Tom Leighton
In the late 1990s, Massachusetts Institute of Technology (MIT) Mathematics Professor Dr. Tom Leighton and his graduate student Danny Lewin recognized that a solution to freeing up web congestion could be found using applied mathematics and algorithms. Leighton and Lewin invented the methods needed to intelligently replicate and deliver content over a large network of distributed servers, technology that would ultimately solve what was becoming a frustrating problem for Internet users known as the "World Wide Wait."

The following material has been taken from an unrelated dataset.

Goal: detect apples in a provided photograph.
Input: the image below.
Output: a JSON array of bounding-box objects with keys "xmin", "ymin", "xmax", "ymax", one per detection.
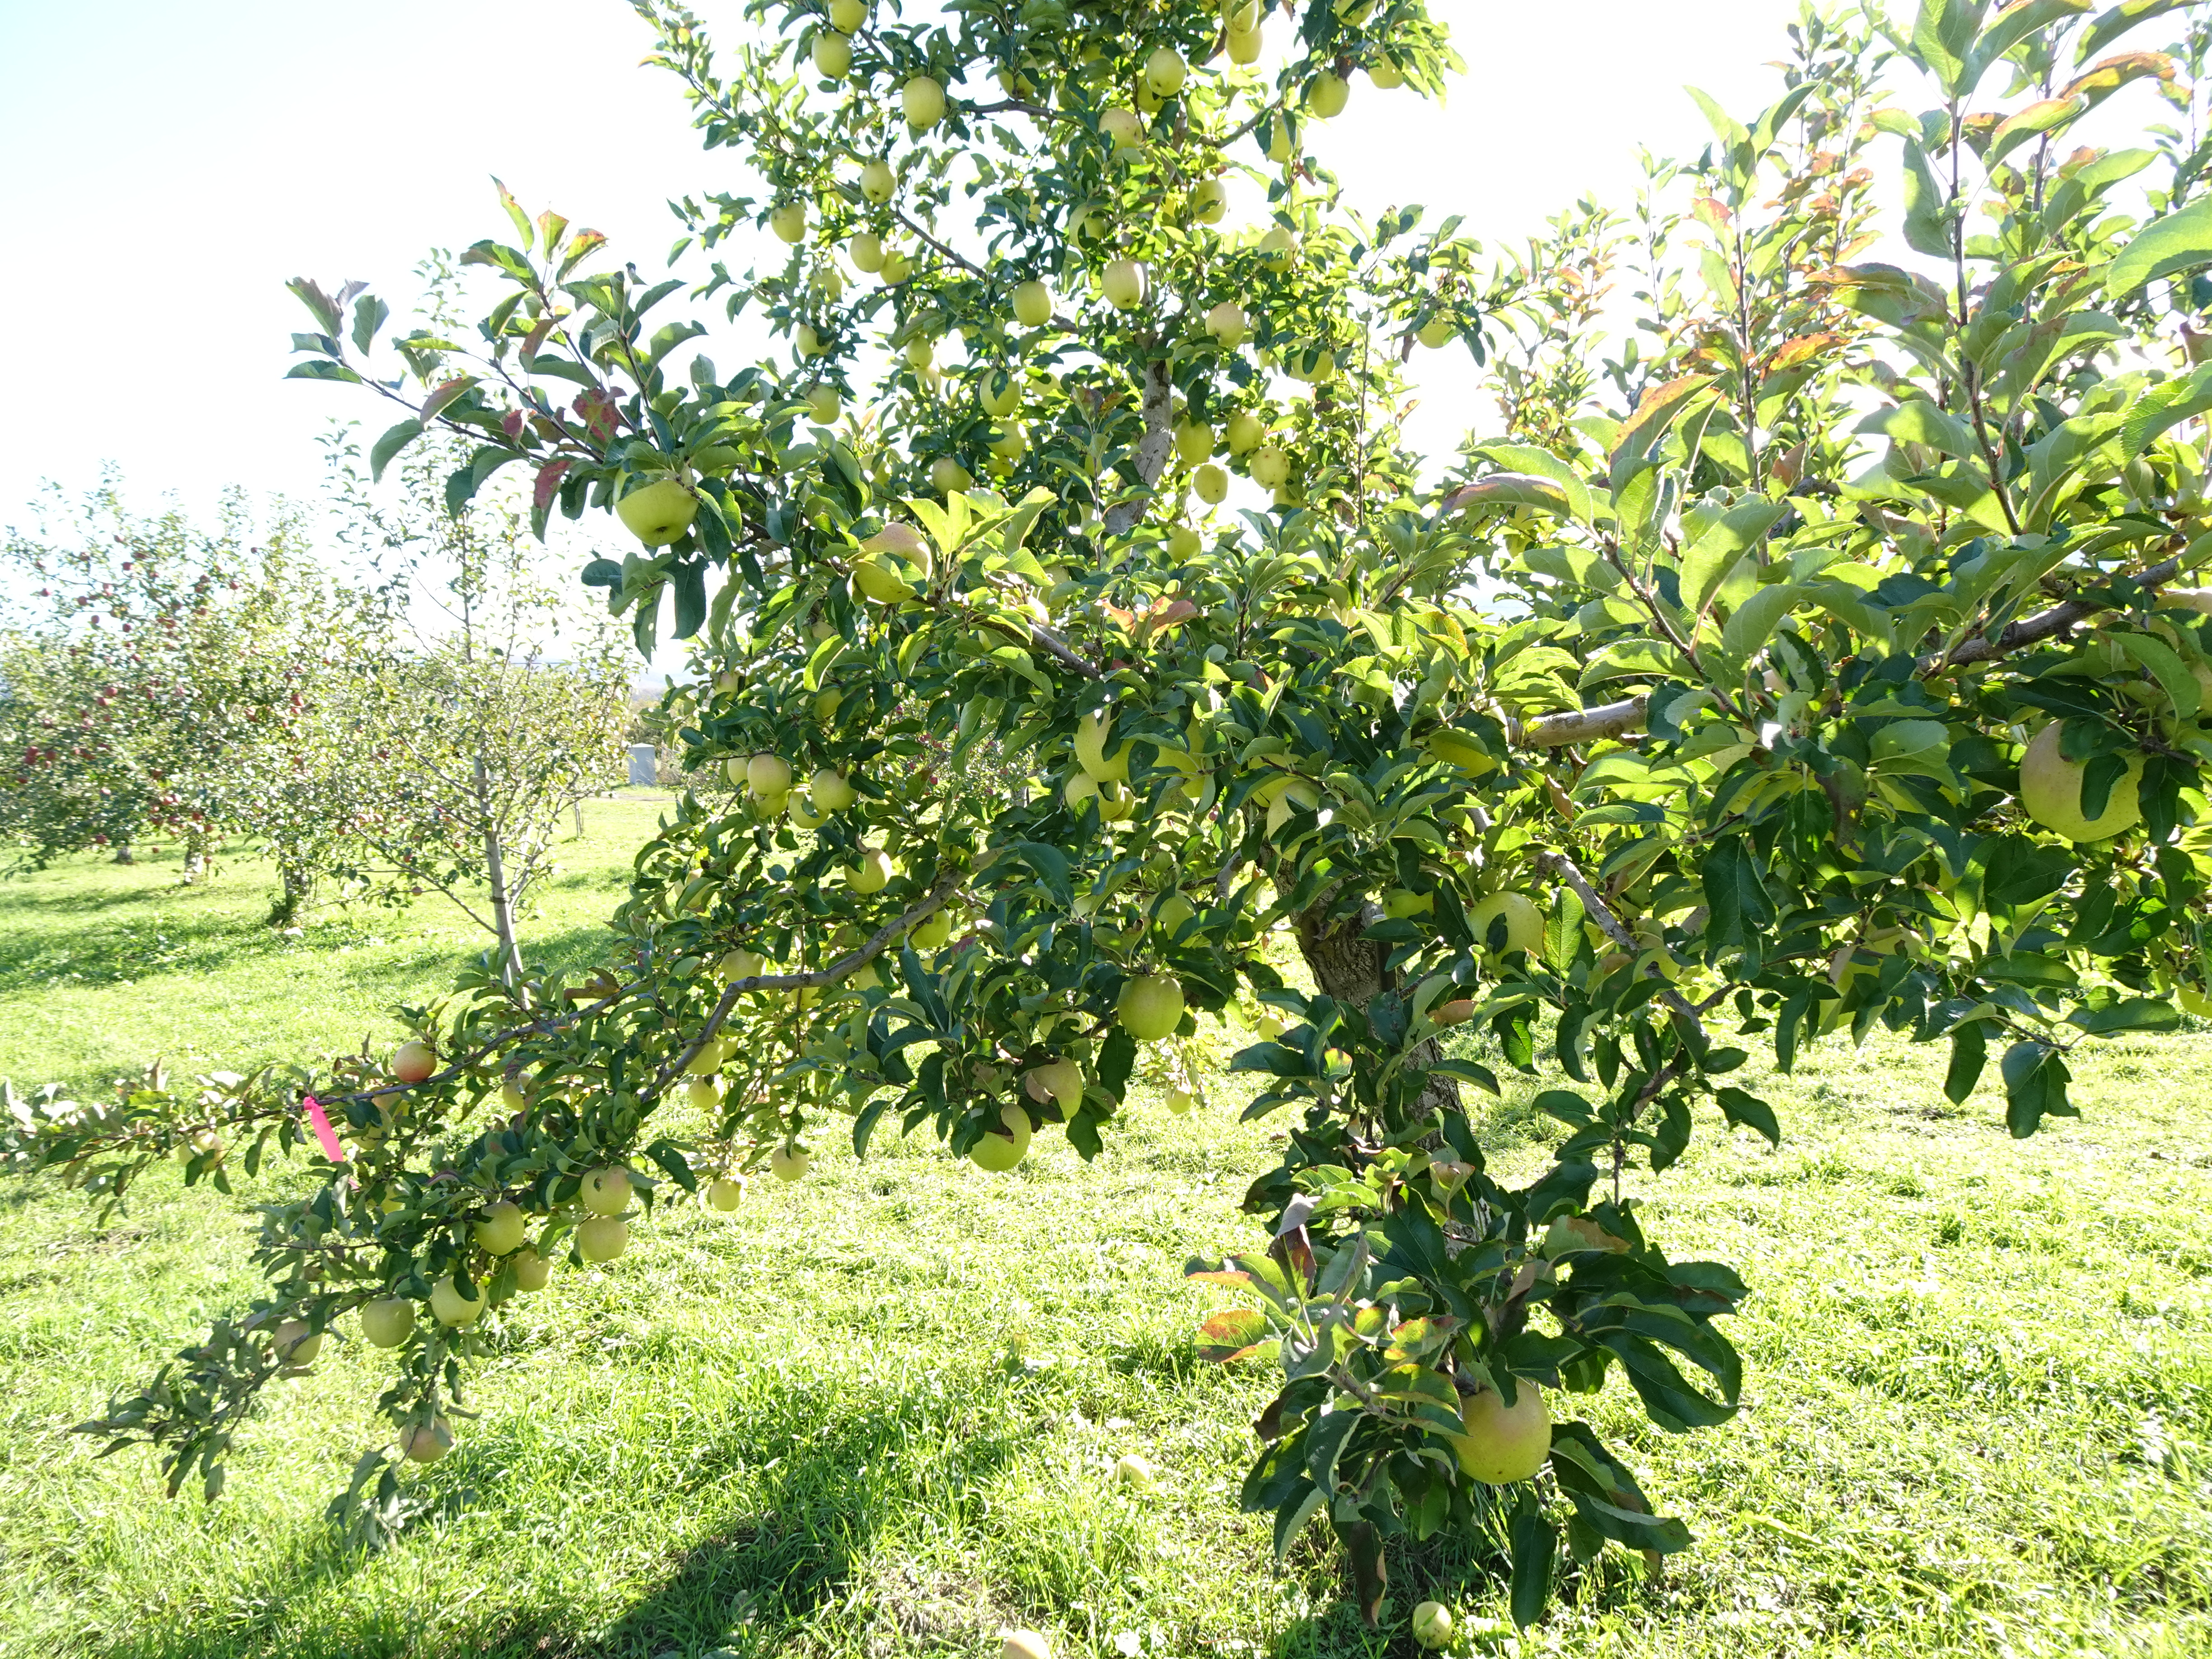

Leighton and Lewin founded Akamai Technologies in 1998 to help make the Internet be fast, reliable and secure for billions of users worldwide. Today, Akamai is the global leader in Content Delivery Network (CDN) and cloud security services, delivering tens of millions of transactions every second on behalf of the world's largest brands, including Airbnb, Apple, BMW, eBay, FedEx, Ford Motor Company, FOX, NASDAQ, NBC Olympics, PayPal, Salesforce.com, Standard Chartered Bank, U.S. Securities and Exchange Commission, and Viacom.
Dr. Leighton served as Akamai's Chief Scientist for 14 years before becoming Chief Executive in 2013. He graduated Summa Cum Laude with a BSEE from Princeton University in 1978 and received a PhD in Applied Mathematics from MIT in 1981. He has served on the faculty of MIT as a Professor of Mathematics and a member of the University's Computer Science and Artificial Intelligence Laboratory (CSAIL) since 1982.
Dr. Leighton holds over 40 U.S. patents involving content delivery, Internet protocols, algorithms for networks, cryptography and digital rights management. He is a Fellow of the American Academy of Arts and Sciences, the National Academy of Engineering and the National Academy of Sciences. Dr. Leighton is one of the world's preeminent authorities on parallel algorithms for network applications, and his technology achievements at Akamai earned him recognition as one of the Top 10 Technology Innovators in U.S. News & World Report in 2001.